Queries results ( search term: time ):

ber: 11ms
fra: 10ms
lon: 6ms
new: 6ms
sam: 6ms
par: 12ms
tok: 5ms
sin: 14ms

Depending on a search term arangodb is from 4-5 to 8 times faster.

If you want to implement pagination, based on something sorted, than without btree index, such query probably will be very slow, because it needs to do full scan of population predicate before returning results:

{
  locations(func: type(Location), ordedesc: population, after: <some_uid>, first: 10) {
      name
  }
}

My proposal would be to support btree index to allow implementing autocomplete and sorted pagination and other features(there are definitely more, which depends on btree index) on top of DGraph.

8 Likes

Dgraph doesn’t do Btree, because it uses bucketing as a mechanism for indexing, which works better with the existing design of posting lists. That’s how date index does sorting, by bucketing all the events with the same granularity (day, hour, minute, second) into the same bucket. So, when iteration needs to happen, Dgraph looks at the contents of the entire bucket in one loop.

Now, population is most likely an integer. And we didn’t implement a granularity for integer indexing. So it is possible that the bucket sizes for integer indices can be 1. We could look into allowing granularity specification for integer indexing as well, like we do for datetime.

Thank you for your answer!

So I checked now the queries with population sorting and without population sorting, they are twice faster without population sorting, still slower than prefix-based query on BTree index in ArangoDB, but it could be definitely improvement.

Do I understand, that bucketing should replace BTree index and have equivalent speed?

And will make all this queries much faster?

(from linked thread: Query performance of large database (over 12g edges) - #2 by liveforeverx)

{ q(func:has(price), first: 10, orderdesc: price){ uid } } --> takes 247sec

This query with BTree index should return results in no time, which complexity it will have with bucketing strategy?

What if for sorting the string is used?

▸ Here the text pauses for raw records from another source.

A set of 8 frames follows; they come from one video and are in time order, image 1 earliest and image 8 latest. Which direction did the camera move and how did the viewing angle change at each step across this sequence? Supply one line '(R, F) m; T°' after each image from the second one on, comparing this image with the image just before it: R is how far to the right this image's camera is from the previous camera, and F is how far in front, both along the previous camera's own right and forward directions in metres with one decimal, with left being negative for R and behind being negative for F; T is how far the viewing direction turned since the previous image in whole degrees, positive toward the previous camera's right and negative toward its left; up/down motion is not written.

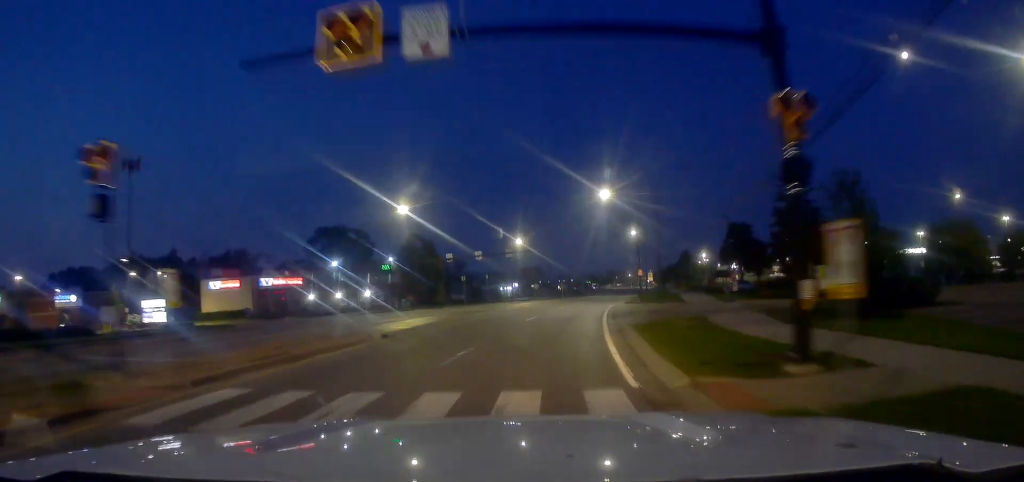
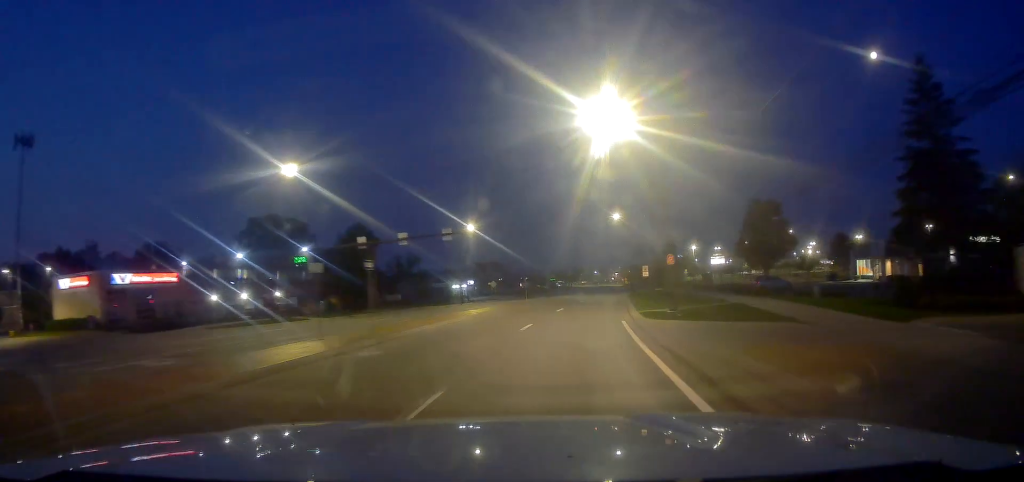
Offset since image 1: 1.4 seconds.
(+0.1, +21.9) m; +3°
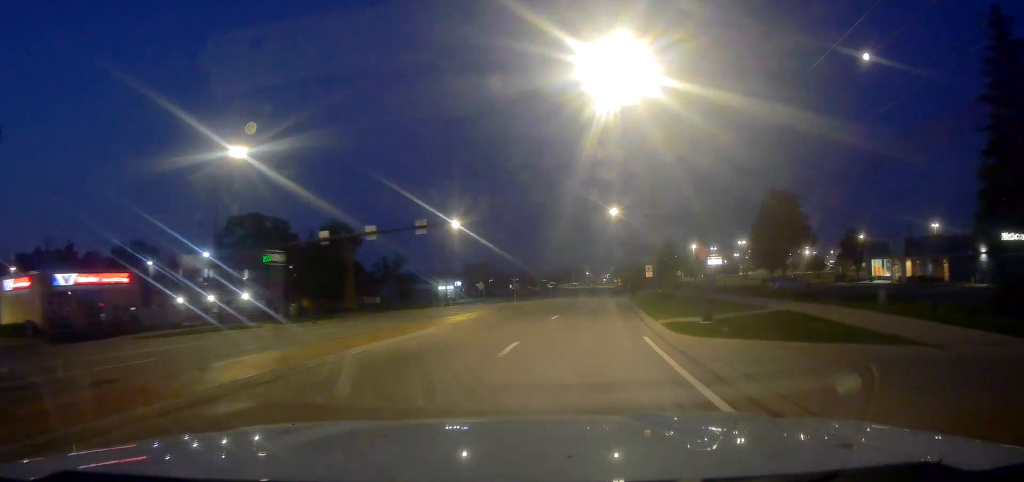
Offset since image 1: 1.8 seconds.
(+0.2, +6.7) m; +1°
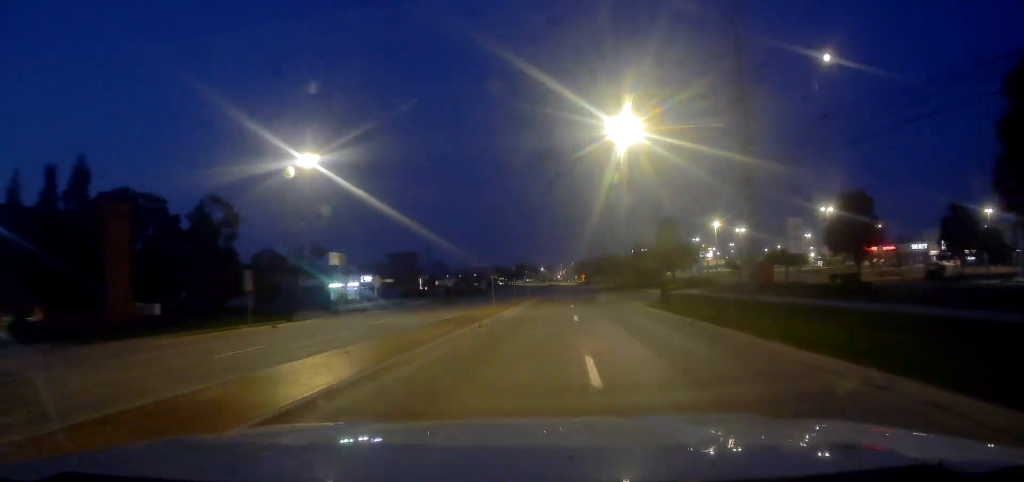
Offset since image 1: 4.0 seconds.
(0.0, +39.7) m; +3°
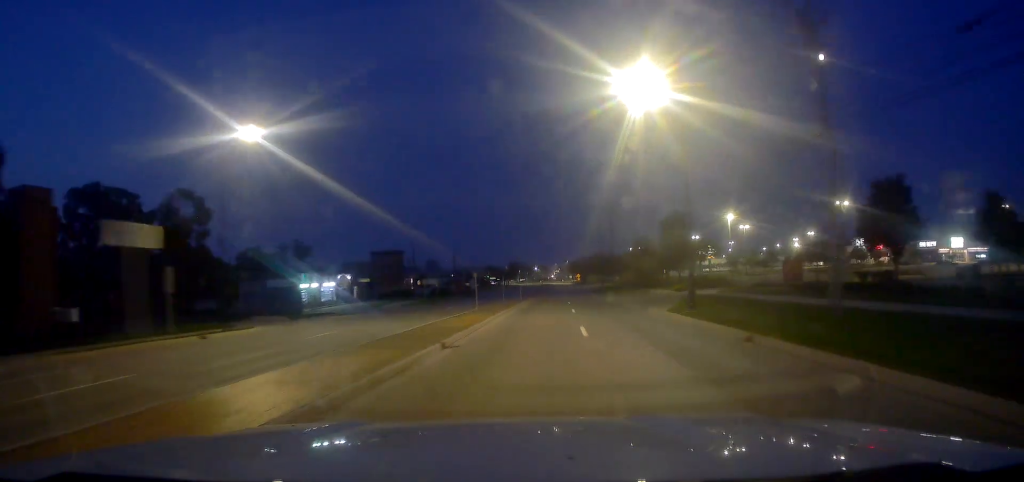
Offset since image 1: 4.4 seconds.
(+0.4, +8.0) m; +1°
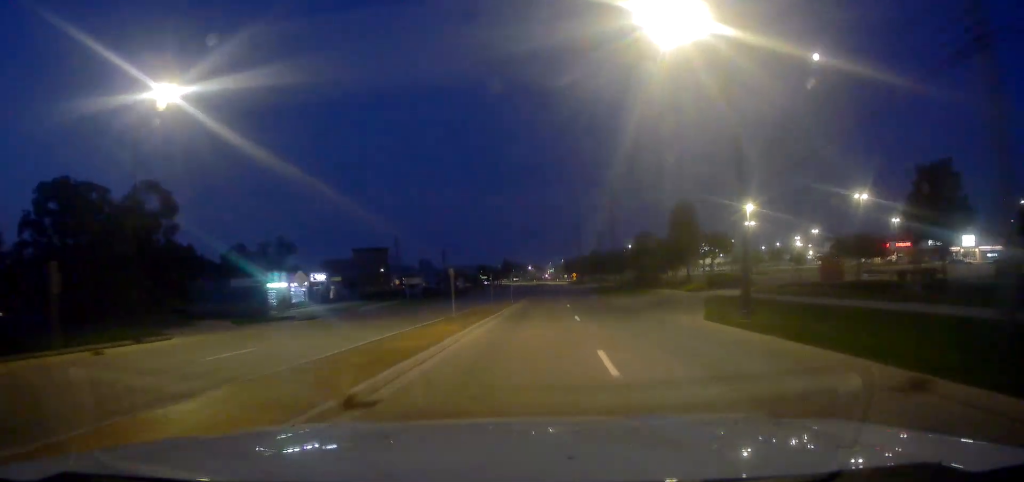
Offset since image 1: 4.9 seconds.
(+0.3, +8.0) m; +1°
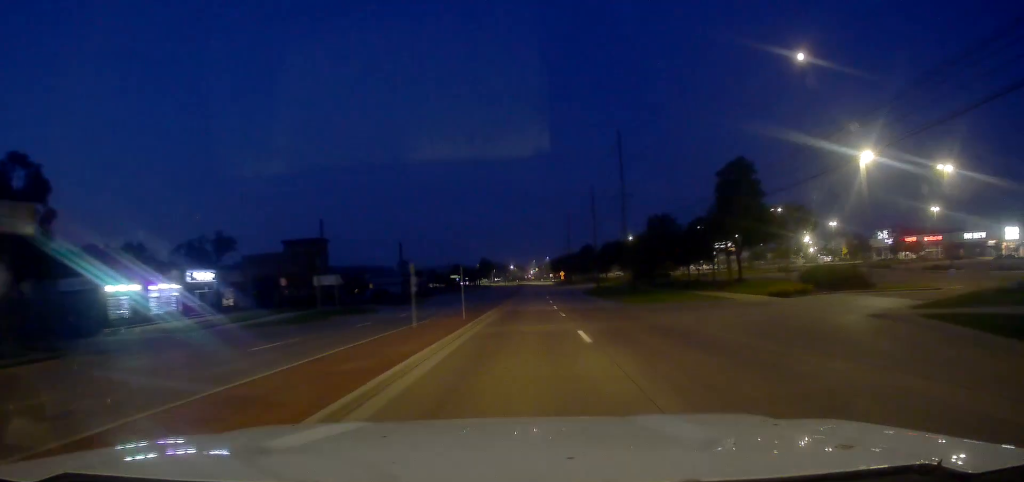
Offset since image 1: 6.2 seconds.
(-0.4, +25.5) m; 0°
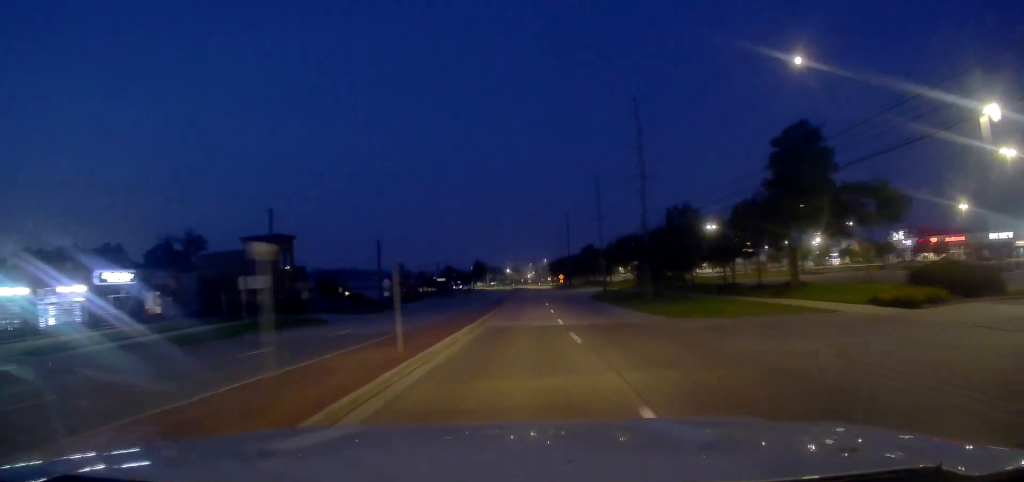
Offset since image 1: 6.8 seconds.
(-0.2, +12.5) m; +2°

Does bucketing strategy is available for strings? ( Example: No cursor-based pagination and offset-based pagination is slow ) where sorting slowdown.

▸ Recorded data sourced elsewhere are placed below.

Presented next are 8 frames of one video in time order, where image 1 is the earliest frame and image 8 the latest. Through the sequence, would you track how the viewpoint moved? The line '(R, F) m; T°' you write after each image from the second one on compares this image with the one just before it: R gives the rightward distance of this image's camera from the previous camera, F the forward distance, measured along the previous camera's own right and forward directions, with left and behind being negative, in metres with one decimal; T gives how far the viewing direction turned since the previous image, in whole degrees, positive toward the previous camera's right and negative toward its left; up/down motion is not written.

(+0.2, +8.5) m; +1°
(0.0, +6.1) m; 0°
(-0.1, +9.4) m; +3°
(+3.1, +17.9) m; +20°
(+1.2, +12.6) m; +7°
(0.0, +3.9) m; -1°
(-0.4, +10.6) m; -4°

I still can’t get pagination to work fast in my tech-demo because of #3472 and #3473 but Btree indexes would be the solution I, and anyone else facing a similar problem, desperately need.

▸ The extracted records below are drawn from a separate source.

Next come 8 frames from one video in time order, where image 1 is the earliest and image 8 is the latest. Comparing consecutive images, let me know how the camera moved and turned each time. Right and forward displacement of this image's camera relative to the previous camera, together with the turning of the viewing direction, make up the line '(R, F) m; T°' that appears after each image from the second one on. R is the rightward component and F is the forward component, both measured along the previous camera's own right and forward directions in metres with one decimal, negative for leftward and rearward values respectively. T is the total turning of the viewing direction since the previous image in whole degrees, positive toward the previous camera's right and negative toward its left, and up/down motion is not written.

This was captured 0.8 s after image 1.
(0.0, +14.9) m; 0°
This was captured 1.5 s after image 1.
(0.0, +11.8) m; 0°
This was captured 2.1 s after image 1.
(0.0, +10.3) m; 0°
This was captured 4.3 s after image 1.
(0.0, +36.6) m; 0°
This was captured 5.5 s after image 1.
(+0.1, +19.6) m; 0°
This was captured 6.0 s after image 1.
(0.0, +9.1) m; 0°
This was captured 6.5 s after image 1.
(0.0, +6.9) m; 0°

Let’s say we have many (100k+) post entities consisting of the following nodes:

Post.id: string @index(exact) .
Post.publication: dateTime .
Post.title: string .
Post.contents: string .
Post.author: uid .
Post.reactions: uid .

And a GraphQL API:

type Post {
  id: ID!
  publication: Time!
  title: String!
  contents: String!
  author: User!
  reactions: ReactionList!
}

type PostList {
  size: Int!
  version: String!

  # list lists all posts sorted by their publication time (desc)
  list(after: ID, limit: Int!): [Post!]!
}

query {
  posts: PostList!
}

PostList.list is paginable and we can use it this way to get the first page of posts:

query($max: Int!) {
  posts {
    size
    version
    list(limit: $max) {
      id
      title
      author { d displayName }
    }
  }
}

…and the second page…

query($max: Int!, $after: ID!) {
  posts {
    size
    version
    list(limit: $max, after: $after) {
      id
      title
      author { id displayName }
    }
  }
}

Because order & after don’t work together I have to resort to offset-based pagination which is incredibly slow on large datasets though:

type PostList {
  size: Int!
  version: String!

  # list lists all posts sorted by their publication time (desc)
  list(offset: Int!, limit: Int!): [Post!]!
}
{
  posts(
    func: has(Post.id),
    orderdesc: Post.publication,
    first: 10,
    offset: 99990
  ) {
    uid
    Post.id
    Post.title
    Post.contents
    Post.publication
  }
}

In SQL, I’d just apply an index on the posts.publication column:

CREATE TABLE posts (
  id varchar(32) PRIMARY KEY,
  title text,
  contents text,
  publication timestamp,
  author varchar(32)
);

CREATE INDEX post_pub ON posts (publication);

Which would make these kinds of queries very fast:

-- Page #1 (p9,p8,p7)
SELECT * FROM "posts"
ORDER BY "publication" DESC, "id" DESC
LIMIT 3;

-- Page #2 (p6,p5,p4)
SELECT * FROM "posts"
WHERE "id" < 'p7'
ORDER BY "publication" DESC, "id" DESC
LIMIT 3;

Working demo: SQL Fiddle

Since the database engine doesn’t need to do a full-table-scan then a sort and then a reduction of the resulting data set to the first 3 elements, but this is what Dgraph seems to be doing all the time!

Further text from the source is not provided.